Biologists have said all is not lost if a small population of fish make it into Lake Michigan, because it can be very difficult for a breeding population to get established.

"If a few fish get into the Great Lakes, it's not game over," Duane Chapman, a U.S. Geological Survey researcher who has made a career out of studying the fish on the heavily infested Missouri River, said last month.

The fish can grow to 50 pounds and consume up to 20% of their weight in plankton per day - food upon which every other species in a water system either directly or indirectly depends.
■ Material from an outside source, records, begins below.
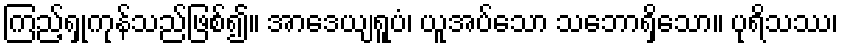
ကြည့်ရှုကုန်သည်ဖြစ်၍။ အာဒေယျရူပံ၊ ယူအပ်သော သဘောရှိသော။ ပုရိသဿ၊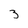
Character: 3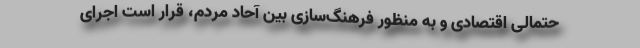
حتمالی اقتصادی و به منظور فرهنگ‌سازی بین آحاد مردم، قرار است اجرای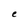
Character: e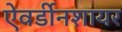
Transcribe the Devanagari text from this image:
ऐवर्डीनशायर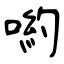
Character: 喲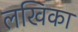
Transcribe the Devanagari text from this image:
लखिका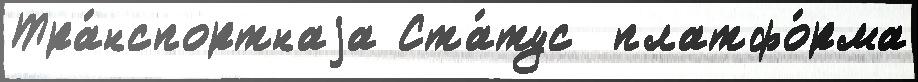
Тра́нспортнаjа Ста́тус  платфо́рма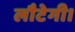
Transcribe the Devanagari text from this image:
लौटेगी।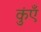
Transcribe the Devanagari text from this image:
कुंएँ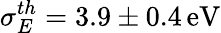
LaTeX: {\sigma_{E}^{th}=3.9\pm 0.4\, \mathrm{eV}}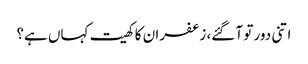
اتنی دور تو آ گئے، زعفران کا کھیت کہاں ہے؟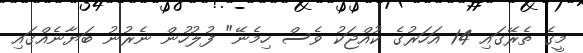
މީގެ ތެރޭގައި 14 އަހަރުގެ ކުއްޖަކު ވެސް ހިމެނޭ" ފުލުހުން ނެރުނު ބަޔާނެއްގައި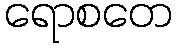
ရောစတေ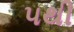
૫થી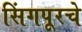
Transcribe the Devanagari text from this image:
सिंगपूरचे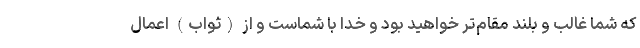
که شما غالب و بلند مقام‌تر خواهید بود و خدا با شماست و از (ثواب) اعمال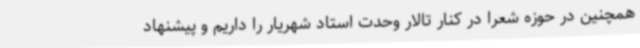
همچنین در حوزه شعرا در کنار تالار وحدت استاد شهریار را داریم و پیشنهاد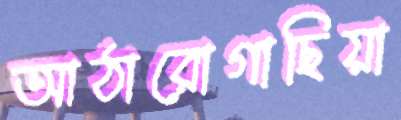
আঠারোগাছিয়া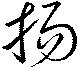
揚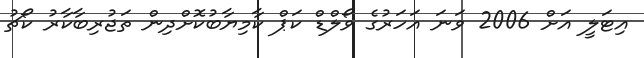
އިޓަލީ އަށް 2006 ވަނަ އަހަރުގެ ވޯލްޑް ކަޕް ކާމިޔާބުކޮށްދިން ތަޖުރިބާކާރު ކޯޗު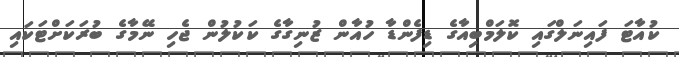
ކުއާޓަ ފައިނަލްގައި ކޮލަމްބިއާގެ ޑިފެންޑާ ހުއާން ޒުނިގާގެ ކަކުލުން ޖެހި ނޭމާގެ ބުރަކަށްޓަކައި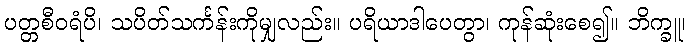
ပတ္တစီဝရံပိ၊ သပိတ်သင်္ကန်းကိုမျှလည်း။ ပရိယာဒါပေတွာ၊ ကုန်ဆုံးစေ၍။ ဘိက္ခူ၊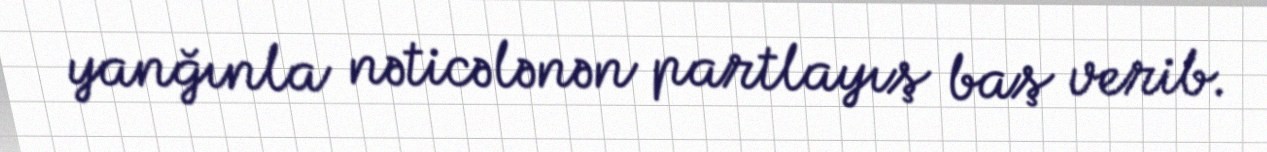
yanğınla nəticələnən partlayış baş verib.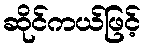
ဆိုင်ကယ်ဖြင့်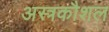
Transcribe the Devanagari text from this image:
अस्त्रकौशल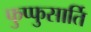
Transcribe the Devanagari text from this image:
फुप्फुसार्ति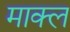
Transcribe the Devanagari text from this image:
माक्ल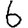
Digit: 6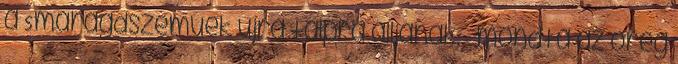
a Smaragdszeműek újra talpra álljanak. – mondta az öreg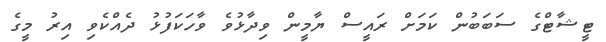
ޓީޝާޓްގެ ސަބަބުން ކަމަށް ރައީސް ޔާމީން ވިދާޅުވެ ވާހަކަފުޅު ދެއްކެވި އިރު މީގެ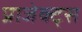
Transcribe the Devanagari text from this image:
प्राजेक्ट्स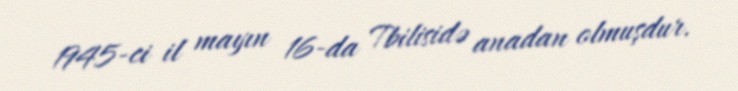
1945-ci il mayın 16-da Tbilisidə anadan olmuşdur.

Chapman said they do indeed pose a dire threat to fishing and recreational boating on the world's largest freshwater system.

But he said what matters now is how many get into the lake. That will determine whether a breeding population gets established.

For invasion biologists, numbers are everything. First, the invading fish have to find each other. Then they have to find a place to spawn. Asian carp probably won't be able to breed in open lake waters. Research shows that fertilized Asian carp eggs require long free-flowing rivers; without a current to keep them afloat, they sink to the bottom and die. Surveys have shown there are 22 tributaries on the U.S. side of the Great Lakes that may provide suitable spawning habitat. More such rivers flow into the lakes from Canada.

"The number of fish that get in is everything - it will control whether these fish have a chance of putting together a population or not," Chapman said.

The worry is what the carp will do to Lake Michigan's $7 billion commercial and recreational fishery, as well as the recreational boating industry.

The two Asian carp species now threatening the Great Lakes were first imported to the United States by an Arkansas fish farmer in the early 1970s. He wasn't interested in the fish and turned them over to Arkansas fishery officials, and they in turn used them in sewage treatment experiments funded in part by an $81,000 grant from the U.S. Environmental Protection Agency, according to a 2006 Journal Sentinel investigation.